3.1. To the Best Knowledge of the Company and the Seller, no application has been made to any court and no petition presented or meeting convened for the purpose of considering a resolution for the winding up of the Company or the Seller.

3.2. To the Best Knowledge of the Company and the Seller, no application for the appointment of any liquidator or receiver for any bankruptcy or insolvency proceedings of the Company or Seller has been made or received.

3.3. The Company and Seller are not party to any scheme of arrangement or composition with any class of creditors or shareholders of the Company or Seller.

3.4. To the Best Knowledge of the Company and the Seller, no action has been taken or initiated to seize, take possession of or appoint a receiver and/or manager in respect of any shares in the Company or any assets of the Company or Seller.
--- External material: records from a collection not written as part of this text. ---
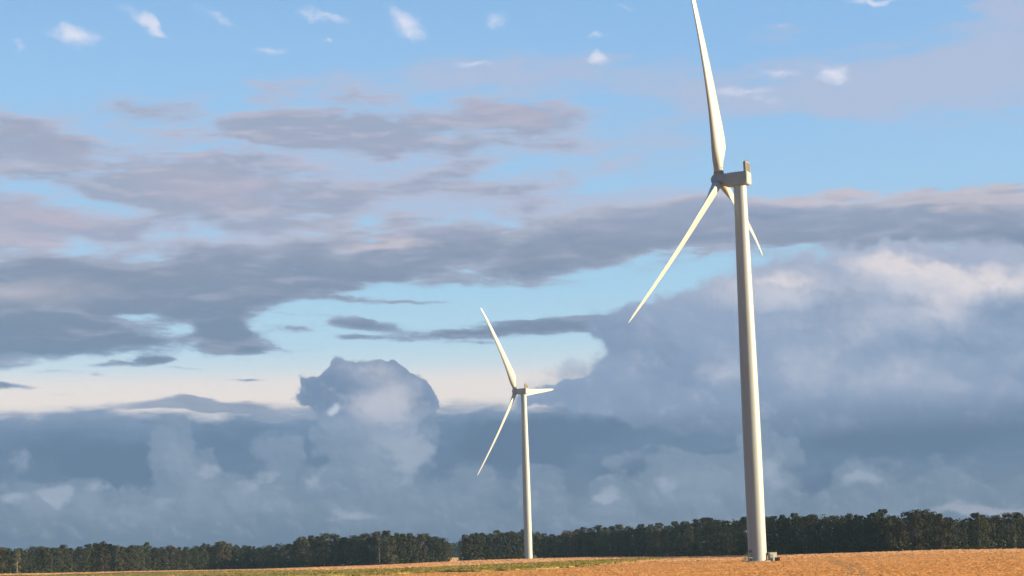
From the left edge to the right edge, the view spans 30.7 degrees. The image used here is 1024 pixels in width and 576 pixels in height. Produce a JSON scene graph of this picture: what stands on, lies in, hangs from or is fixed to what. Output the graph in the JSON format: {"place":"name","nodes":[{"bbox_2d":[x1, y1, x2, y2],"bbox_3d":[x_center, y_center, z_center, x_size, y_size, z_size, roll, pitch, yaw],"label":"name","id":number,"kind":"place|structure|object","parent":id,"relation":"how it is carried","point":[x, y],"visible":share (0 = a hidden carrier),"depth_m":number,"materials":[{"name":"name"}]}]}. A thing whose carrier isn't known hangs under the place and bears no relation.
{"place":"outdoors","nodes":[
{"label":"outdoors","id":0,"kind":"place"},
{"bbox_2d":[0,548,1023,575],"bbox_3d":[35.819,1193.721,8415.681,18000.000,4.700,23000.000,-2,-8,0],"label":"ground","id":1,"kind":"structure","parent":0,"point":[457,558],"depth_m":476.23,"materials":[{"name":"beige plant"}]},
{"bbox_2d":[0,550,15,573],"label":"broadleaf tree","id":2,"kind":"object","parent":1,"relation":"on","point":[8,558],"visible":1,"depth_m":1216.95,"materials":[{"name":"green plant"}]},
{"bbox_2d":[33,549,45,572],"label":"broadleaf tree","id":3,"kind":"object","parent":1,"relation":"on","point":[38,560],"visible":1,"depth_m":1236.31,"materials":[{"name":"green plant"}]},
{"bbox_2d":[40,548,53,572],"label":"broadleaf tree","id":4,"kind":"object","parent":1,"relation":"on","point":[48,561],"visible":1,"depth_m":1237.99,"materials":[{"name":"green plant"}]},
{"bbox_2d":[49,548,62,572],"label":"broadleaf tree","id":5,"kind":"object","parent":1,"relation":"on","point":[58,554],"visible":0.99,"depth_m":1243.13,"materials":[{"name":"green plant"}]},
{"bbox_2d":[58,548,71,572],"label":"broadleaf tree","id":6,"kind":"object","parent":1,"relation":"on","point":[65,554],"visible":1,"depth_m":1249.63,"materials":[{"name":"green plant"}]},
{"bbox_2d":[73,546,89,571],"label":"broadleaf tree","id":7,"kind":"object","parent":1,"relation":"on","point":[85,558],"visible":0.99,"depth_m":1258.55,"materials":[{"name":"green plant"}]},
{"bbox_2d":[83,547,96,571],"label":"broadleaf tree","id":8,"kind":"object","parent":1,"relation":"on","point":[92,556],"visible":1,"depth_m":1266.00,"materials":[{"name":"green plant"}]},
{"bbox_2d":[95,541,110,571],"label":"broadleaf tree","id":9,"kind":"object","parent":1,"relation":"on","point":[105,552],"visible":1,"depth_m":1269.58,"materials":[{"name":"green plant"}]},
{"bbox_2d":[110,545,123,571],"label":"broadleaf tree","id":10,"kind":"object","parent":1,"relation":"on","point":[118,561],"visible":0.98,"depth_m":1284.70,"materials":[{"name":"green plant"}]},
{"bbox_2d":[124,545,140,570],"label":"broadleaf tree","id":11,"kind":"object","parent":1,"relation":"on","point":[131,555],"visible":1,"depth_m":1293.80,"materials":[{"name":"green plant"}]},
{"bbox_2d":[134,545,146,570],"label":"broadleaf tree","id":12,"kind":"object","parent":1,"relation":"on","point":[139,552],"visible":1,"depth_m":1299.91,"materials":[{"name":"green plant"}]},
{"bbox_2d":[150,548,160,570],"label":"broadleaf tree","id":13,"kind":"object","parent":1,"relation":"on","point":[156,552],"visible":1,"depth_m":1315.67,"materials":[{"name":"green plant"}]},
{"bbox_2d":[167,546,180,569],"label":"broadleaf tree","id":14,"kind":"object","parent":1,"relation":"on","point":[171,550],"visible":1,"depth_m":1330.41,"materials":[{"name":"green plant"}]},
{"bbox_2d":[187,547,200,568],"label":"broadleaf tree","id":15,"kind":"object","parent":1,"relation":"on","point":[193,551],"visible":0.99,"depth_m":1345.52,"materials":[{"name":"green plant"}]},
{"bbox_2d":[197,547,209,569],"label":"broadleaf tree","id":16,"kind":"object","parent":1,"relation":"on","point":[200,550],"visible":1,"depth_m":1350.58,"materials":[{"name":"green plant"}]},
{"bbox_2d":[206,547,218,568],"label":"broadleaf tree","id":17,"kind":"object","parent":1,"relation":"on","point":[214,558],"visible":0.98,"depth_m":1361.13,"materials":[{"name":"green plant"}]},
{"bbox_2d":[214,541,230,569],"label":"broadleaf tree","id":18,"kind":"object","parent":1,"relation":"on","point":[222,544],"visible":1,"depth_m":1358.52,"materials":[{"name":"green plant"}]},
{"bbox_2d":[289,544,299,566],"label":"broadleaf tree","id":19,"kind":"object","parent":1,"relation":"on","point":[293,551],"visible":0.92,"depth_m":1316.05,"materials":[{"name":"green plant"}]},
{"bbox_2d":[297,539,310,566],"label":"broadleaf tree","id":20,"kind":"object","parent":1,"relation":"on","point":[302,561],"visible":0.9,"depth_m":1302.89,"materials":[{"name":"green plant"}]},
{"bbox_2d":[311,536,327,565],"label":"broadleaf tree","id":21,"kind":"object","parent":1,"relation":"on","point":[317,560],"visible":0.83,"depth_m":1283.24,"materials":[{"name":"green plant"}]},
{"bbox_2d":[317,533,338,565],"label":"broadleaf tree","id":22,"kind":"object","parent":1,"relation":"on","point":[327,535],"visible":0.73,"depth_m":1276.97,"materials":[{"name":"green plant"}]},
{"bbox_2d":[322,540,334,565],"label":"broadleaf tree","id":23,"kind":"object","parent":1,"relation":"on","point":[327,543],"visible":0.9,"depth_m":1268.81,"materials":[{"name":"green plant"}]},
{"bbox_2d":[0,557,664,575],"bbox_3d":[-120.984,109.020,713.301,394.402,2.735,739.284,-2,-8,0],"label":"crop plants","id":24,"kind":"object","parent":1,"relation":"on","point":[526,566],"visible":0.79,"depth_m":613.99,"materials":[{"name":"green plant"}]},
{"bbox_2d":[327,535,343,565],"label":"broadleaf tree","id":25,"kind":"object","parent":1,"relation":"on","point":[337,539],"visible":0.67,"depth_m":1260.16,"materials":[{"name":"green plant"}]},
{"bbox_2d":[337,537,351,565],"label":"broadleaf tree","id":26,"kind":"object","parent":1,"relation":"on","point":[343,540],"visible":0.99,"depth_m":1247.11,"materials":[{"name":"green plant"}]},
{"bbox_2d":[354,540,367,564],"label":"broadleaf tree","id":27,"kind":"object","parent":1,"relation":"on","point":[357,554],"visible":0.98,"depth_m":1226.84,"materials":[{"name":"green plant"}]},
{"bbox_2d":[362,537,374,564],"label":"broadleaf tree","id":28,"kind":"object","parent":1,"relation":"on","point":[367,548],"visible":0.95,"depth_m":1217.54,"materials":[{"name":"green plant"}]},
{"bbox_2d":[369,531,381,558],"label":"broadleaf tree","id":29,"kind":"object","parent":1,"relation":"on","point":[374,538],"visible":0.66,"depth_m":1217.65,"materials":[{"name":"green plant"}]},
{"bbox_2d":[381,537,397,563],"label":"broadleaf tree","id":30,"kind":"object","parent":1,"relation":"on","point":[387,549],"visible":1,"depth_m":1198.14,"materials":[{"name":"green plant"}]},
{"bbox_2d":[389,532,402,562],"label":"broadleaf tree","id":31,"kind":"object","parent":1,"relation":"on","point":[397,535],"visible":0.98,"depth_m":1205.83,"materials":[{"name":"green plant"}]},
{"bbox_2d":[396,533,409,563],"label":"broadleaf tree","id":32,"kind":"object","parent":1,"relation":"on","point":[404,537],"visible":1,"depth_m":1207.85,"materials":[{"name":"green plant"}]},
{"bbox_2d":[405,535,419,562],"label":"broadleaf tree","id":33,"kind":"object","parent":1,"relation":"on","point":[411,547],"visible":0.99,"depth_m":1209.47,"materials":[{"name":"green plant"}]},
{"bbox_2d":[415,534,428,562],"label":"broadleaf tree","id":34,"kind":"object","parent":1,"relation":"on","point":[423,538],"visible":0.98,"depth_m":1218.17,"materials":[{"name":"green plant"}]},
{"bbox_2d":[423,537,436,561],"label":"broadleaf tree","id":35,"kind":"object","parent":1,"relation":"on","point":[432,553],"visible":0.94,"depth_m":1222.43,"materials":[{"name":"green plant"}]},
{"bbox_2d":[432,537,447,561],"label":"broadleaf tree","id":36,"kind":"object","parent":1,"relation":"on","point":[443,547],"visible":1,"depth_m":1223.86,"materials":[{"name":"green plant"}]},
{"bbox_2d":[462,537,473,559],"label":"broadleaf tree","id":37,"kind":"object","parent":1,"relation":"on","point":[465,544],"visible":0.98,"depth_m":1243.27,"materials":[{"name":"green plant"}]},
{"bbox_2d":[469,535,483,559],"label":"broadleaf tree","id":38,"kind":"object","parent":1,"relation":"on","point":[476,539],"visible":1,"depth_m":1249.25,"materials":[{"name":"green plant"}]},
{"bbox_2d":[485,533,496,559],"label":"broadleaf tree","id":39,"kind":"object","parent":1,"relation":"on","point":[490,542],"visible":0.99,"depth_m":1255.83,"materials":[{"name":"green plant"}]},
{"bbox_2d":[493,534,509,558],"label":"broadleaf tree","id":40,"kind":"object","parent":1,"relation":"on","point":[500,538],"visible":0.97,"depth_m":1257.82,"materials":[{"name":"green plant"}]},
{"bbox_2d":[503,532,517,558],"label":"broadleaf tree","id":41,"kind":"object","parent":1,"relation":"on","point":[509,535],"visible":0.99,"depth_m":1259.33,"materials":[{"name":"green plant"}]},
{"bbox_2d":[0,538,1023,573],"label":"undergrowth","id":42,"kind":"object","parent":1,"relation":"on","point":[837,550],"visible":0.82,"depth_m":1226.14,"materials":[{"name":"green plant"}]},
{"bbox_2d":[0,514,1023,568],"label":"wood interior","id":43,"kind":"object","parent":1,"relation":"on","point":[791,518],"visible":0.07,"depth_m":1245.38,"materials":[{"name":"green plant"}]},
{"bbox_2d":[477,309,552,558],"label":"wind turbine","id":44,"kind":"object","parent":1,"relation":"on","point":[525,391],"visible":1,"depth_m":1240.55,"materials":[{"name":"paint"}]},
{"bbox_2d":[514,534,523,557],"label":"broadleaf tree","id":45,"kind":"object","parent":1,"relation":"on","point":[520,547],"visible":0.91,"depth_m":1261.47,"materials":[{"name":"green plant"}]},
{"bbox_2d":[548,536,563,556],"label":"broadleaf tree","id":46,"kind":"object","parent":1,"relation":"on","point":[556,541],"visible":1,"depth_m":1270.03,"materials":[{"name":"green plant"}]},
{"bbox_2d":[560,530,576,556],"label":"broadleaf tree","id":47,"kind":"object","parent":1,"relation":"on","point":[569,537],"visible":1,"depth_m":1273.02,"materials":[{"name":"green plant"}]},
{"bbox_2d":[571,529,583,556],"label":"broadleaf tree","id":48,"kind":"object","parent":1,"relation":"on","point":[578,549],"visible":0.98,"depth_m":1276.20,"materials":[{"name":"green plant"}]},
{"bbox_2d":[576,531,590,556],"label":"broadleaf tree","id":49,"kind":"object","parent":1,"relation":"on","point":[585,544],"visible":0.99,"depth_m":1277.72,"materials":[{"name":"green plant"}]},
{"bbox_2d":[593,527,604,556],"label":"broadleaf tree","id":50,"kind":"object","parent":1,"relation":"on","point":[595,542],"visible":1,"depth_m":1269.74,"materials":[{"name":"green plant"}]},
{"bbox_2d":[597,529,613,555],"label":"broadleaf tree","id":51,"kind":"object","parent":1,"relation":"on","point":[606,544],"visible":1,"depth_m":1264.45,"materials":[{"name":"green plant"}]},
{"bbox_2d":[608,531,623,556],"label":"broadleaf tree","id":52,"kind":"object","parent":1,"relation":"on","point":[615,550],"visible":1,"depth_m":1262.28,"materials":[{"name":"green plant"}]},
{"bbox_2d":[615,530,632,555],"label":"broadleaf tree","id":53,"kind":"object","parent":1,"relation":"on","point":[621,534],"visible":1,"depth_m":1259.83,"materials":[{"name":"green plant"}]},
{"bbox_2d":[623,528,636,556],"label":"broadleaf tree","id":54,"kind":"object","parent":1,"relation":"on","point":[627,538],"visible":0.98,"depth_m":1255.05,"materials":[{"name":"green plant"}]},
{"bbox_2d":[635,527,644,554],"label":"broadleaf tree","id":55,"kind":"object","parent":1,"relation":"on","point":[639,534],"visible":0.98,"depth_m":1250.23,"materials":[{"name":"green plant"}]},
{"bbox_2d":[643,524,657,556],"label":"broadleaf tree","id":56,"kind":"object","parent":1,"relation":"on","point":[649,528],"visible":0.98,"depth_m":1237.03,"materials":[{"name":"green plant"}]},
{"bbox_2d":[647,527,664,556],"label":"broadleaf tree","id":57,"kind":"object","parent":1,"relation":"on","point":[657,532],"visible":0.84,"depth_m":1236.87,"materials":[{"name":"green plant"}]},
{"bbox_2d":[657,526,671,556],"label":"broadleaf tree","id":58,"kind":"object","parent":1,"relation":"on","point":[665,537],"visible":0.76,"depth_m":1225.56,"materials":[{"name":"green plant"}]},
{"bbox_2d":[668,529,679,556],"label":"broadleaf tree","id":59,"kind":"object","parent":1,"relation":"on","point":[671,538],"visible":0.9,"depth_m":1209.73,"materials":[{"name":"green plant"}]},
{"bbox_2d":[673,521,689,555],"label":"broadleaf tree","id":60,"kind":"object","parent":1,"relation":"on","point":[683,523],"visible":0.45,"depth_m":1203.82,"materials":[{"name":"green plant"}]},
{"bbox_2d":[677,526,691,555],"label":"broadleaf tree","id":61,"kind":"object","parent":1,"relation":"on","point":[681,532],"visible":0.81,"depth_m":1189.79,"materials":[{"name":"green plant"}]},
{"bbox_2d":[681,523,701,555],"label":"broadleaf tree","id":62,"kind":"object","parent":1,"relation":"on","point":[689,528],"visible":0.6,"depth_m":1176.68,"materials":[{"name":"green plant"}]},
{"bbox_2d":[362,552,1023,575],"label":"stubble","id":63,"kind":"object","parent":1,"relation":"on","point":[1012,566],"visible":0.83,"depth_m":386.12,"materials":[{"name":"plant"}]},
{"bbox_2d":[690,517,705,555],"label":"broadleaf tree","id":64,"kind":"object","parent":1,"relation":"on","point":[693,524],"visible":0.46,"depth_m":1164.39,"materials":[{"name":"green plant"}]},
{"bbox_2d":[691,521,705,555],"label":"broadleaf tree","id":65,"kind":"object","parent":1,"relation":"on","point":[699,538],"visible":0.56,"depth_m":1159.79,"materials":[{"name":"green plant"}]},
{"bbox_2d":[629,0,770,561],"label":"wind turbine","id":66,"kind":"object","parent":1,"relation":"on","point":[738,181],"visible":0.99,"depth_m":538.85,"materials":[{"name":"paint"}]},
{"bbox_2d":[698,517,716,555],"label":"broadleaf tree","id":67,"kind":"object","parent":1,"relation":"on","point":[703,539],"visible":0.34,"depth_m":1146.24,"materials":[{"name":"green plant"}]},
{"bbox_2d":[702,518,718,555],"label":"broadleaf tree","id":68,"kind":"object","parent":1,"relation":"on","point":[706,534],"visible":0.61,"depth_m":1132.77,"materials":[{"name":"green plant"}]},
{"bbox_2d":[704,519,722,552],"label":"broadleaf tree","id":69,"kind":"object","parent":1,"relation":"on","point":[710,528],"visible":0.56,"depth_m":1125.66,"materials":[{"name":"green plant"}]},
{"bbox_2d":[710,520,725,555],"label":"broadleaf tree","id":70,"kind":"object","parent":1,"relation":"on","point":[714,540],"visible":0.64,"depth_m":1115.74,"materials":[{"name":"green plant"}]},
{"bbox_2d":[715,520,730,555],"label":"broadleaf tree","id":71,"kind":"object","parent":1,"relation":"on","point":[719,543],"visible":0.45,"depth_m":1106.26,"materials":[{"name":"green plant"}]},
{"bbox_2d":[721,523,730,555],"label":"broadleaf tree","id":72,"kind":"object","parent":1,"relation":"on","point":[723,541],"visible":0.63,"depth_m":1094.85,"materials":[{"name":"green plant"}]},
{"bbox_2d":[725,521,741,555],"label":"broadleaf tree","id":73,"kind":"object","parent":1,"relation":"on","point":[732,544],"visible":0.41,"depth_m":1068.03,"materials":[{"name":"green plant"}]},
{"bbox_2d":[735,516,747,555],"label":"broadleaf tree","id":74,"kind":"object","parent":1,"relation":"on","point":[742,546],"visible":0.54,"depth_m":1045.24,"materials":[{"name":"green plant"}]},
{"bbox_2d":[766,515,783,551],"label":"broadleaf tree","id":75,"kind":"object","parent":1,"relation":"on","point":[771,531],"visible":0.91,"depth_m":959.35,"materials":[{"name":"green plant"}]},
{"bbox_2d":[773,515,792,548],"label":"broadleaf tree","id":76,"kind":"object","parent":1,"relation":"on","point":[782,517],"visible":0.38,"depth_m":958.96,"materials":[{"name":"green plant"}]},
{"bbox_2d":[781,518,796,553],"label":"broadleaf tree","id":77,"kind":"object","parent":1,"relation":"on","point":[786,522],"visible":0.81,"depth_m":941.72,"materials":[{"name":"green plant"}]},
{"bbox_2d":[784,513,801,551],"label":"broadleaf tree","id":78,"kind":"object","parent":1,"relation":"on","point":[792,515],"visible":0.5,"depth_m":942.07,"materials":[{"name":"green plant"}]},
{"bbox_2d":[791,516,810,553],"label":"broadleaf tree","id":79,"kind":"object","parent":1,"relation":"on","point":[797,542],"visible":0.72,"depth_m":922.11,"materials":[{"name":"green plant"}]},
{"bbox_2d":[800,514,820,553],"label":"broadleaf tree","id":80,"kind":"object","parent":1,"relation":"on","point":[806,522],"visible":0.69,"depth_m":911.83,"materials":[{"name":"green plant"}]},
{"bbox_2d":[808,514,828,552],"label":"broadleaf tree","id":81,"kind":"object","parent":1,"relation":"on","point":[813,517],"visible":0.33,"depth_m":909.38,"materials":[{"name":"green plant"}]},
{"bbox_2d":[812,519,829,552],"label":"broadleaf tree","id":82,"kind":"object","parent":1,"relation":"on","point":[819,522],"visible":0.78,"depth_m":893.80,"materials":[{"name":"green plant"}]},
{"bbox_2d":[822,517,839,551],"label":"broadleaf tree","id":83,"kind":"object","parent":1,"relation":"on","point":[831,539],"visible":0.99,"depth_m":881.14,"materials":[{"name":"green plant"}]},
{"bbox_2d":[833,517,853,551],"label":"broadleaf tree","id":84,"kind":"object","parent":1,"relation":"on","point":[840,534],"visible":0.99,"depth_m":878.54,"materials":[{"name":"green plant"}]},
{"bbox_2d":[846,521,862,551],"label":"broadleaf tree","id":85,"kind":"object","parent":1,"relation":"on","point":[854,535],"visible":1,"depth_m":874.94,"materials":[{"name":"green plant"}]},
{"bbox_2d":[858,519,875,551],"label":"broadleaf tree","id":86,"kind":"object","parent":1,"relation":"on","point":[866,523],"visible":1,"depth_m":874.84,"materials":[{"name":"green plant"}]},
{"bbox_2d":[865,512,889,550],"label":"broadleaf tree","id":87,"kind":"object","parent":1,"relation":"on","point":[876,520],"visible":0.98,"depth_m":871.65,"materials":[{"name":"green plant"}]},
{"bbox_2d":[879,518,897,551],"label":"broadleaf tree","id":88,"kind":"object","parent":1,"relation":"on","point":[889,542],"visible":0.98,"depth_m":866.80,"materials":[{"name":"green plant"}]},
{"bbox_2d":[895,520,909,550],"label":"broadleaf tree","id":89,"kind":"object","parent":1,"relation":"on","point":[905,537],"visible":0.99,"depth_m":867.85,"materials":[{"name":"green plant"}]},
{"bbox_2d":[905,512,926,550],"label":"broadleaf tree","id":90,"kind":"object","parent":1,"relation":"on","point":[913,526],"visible":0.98,"depth_m":869.47,"materials":[{"name":"green plant"}]},
{"bbox_2d":[916,511,939,548],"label":"broadleaf tree","id":91,"kind":"object","parent":1,"relation":"on","point":[930,515],"visible":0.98,"depth_m":873.25,"materials":[{"name":"green plant"}]},
{"bbox_2d":[932,513,947,549],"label":"broadleaf tree","id":92,"kind":"object","parent":1,"relation":"on","point":[942,542],"visible":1,"depth_m":873.10,"materials":[{"name":"green plant"}]},
{"bbox_2d":[941,517,960,549],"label":"broadleaf tree","id":93,"kind":"object","parent":1,"relation":"on","point":[951,524],"visible":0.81,"depth_m":881.84,"materials":[{"name":"green plant"}]},
{"bbox_2d":[955,522,968,548],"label":"broadleaf tree","id":94,"kind":"object","parent":1,"relation":"on","point":[959,524],"visible":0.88,"depth_m":888.23,"materials":[{"name":"green plant"}]},
{"bbox_2d":[966,520,980,548],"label":"broadleaf tree","id":95,"kind":"object","parent":1,"relation":"on","point":[971,534],"visible":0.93,"depth_m":897.50,"materials":[{"name":"green plant"}]},
{"bbox_2d":[975,512,983,548],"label":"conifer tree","id":96,"kind":"object","parent":1,"relation":"on","point":[978,528],"visible":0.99,"depth_m":894.01,"materials":[{"name":"green plant"}]},
{"bbox_2d":[979,515,992,548],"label":"broadleaf tree","id":97,"kind":"object","parent":1,"relation":"on","point":[986,527],"visible":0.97,"depth_m":898.44,"materials":[{"name":"green plant"}]},
{"bbox_2d":[986,515,1004,548],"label":"broadleaf tree","id":98,"kind":"object","parent":1,"relation":"on","point":[994,532],"visible":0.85,"depth_m":908.72,"materials":[{"name":"green plant"}]},
{"bbox_2d":[999,517,1018,548],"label":"broadleaf tree","id":99,"kind":"object","parent":1,"relation":"on","point":[1012,532],"visible":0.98,"depth_m":912.08,"materials":[{"name":"green plant"}]},
{"bbox_2d":[1010,513,1023,548],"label":"broadleaf tree","id":100,"kind":"object","parent":1,"relation":"on","point":[1020,538],"visible":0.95,"depth_m":916.29,"materials":[{"name":"green plant"}]},
{"bbox_2d":[0,0,1023,562],"label":"sky","id":101,"kind":"structure","parent":0,"point":[252,252],"materials":[{"name":"blue"}]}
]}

3.5. To the Best Knowledge of the Company and Seller, there exist no circumstances, that could give rise to any of the foregoing events specified above in paragraph 3 of this Schedule III.

4. Regulatory Approvals

4.1. The Company has or has applied to renew all necessary authorizations, licenses, permits and approvals required to carry on its business as carried out and at the level of operation carried out, including those relating to the protection of the environment, pollution control and dealings in hazardous materials, subject to the clarifications contained in the Disclosure Letter. Provided that the Company and Seller make no representation or warranty with regard to any authorizations, licenses, permits and approvals that may need to be changed or obtained as a result of the change in ownership, control or management of the Company after the Closing Date.

4.2. In respect of each of the said authorizations, licenses, permits and approvals all fees due have been duly paid, and to the Best Knowledge of the Company and Seller all conditions have been duly complied with.

4.3. The Company has not produced or disposed of any untreated biological waste in its course of business.

5. Compliance with Laws

5.1. To the Best Knowledge of the Company and the Seller, the Company has complied with all laws applicable to the business of the Company.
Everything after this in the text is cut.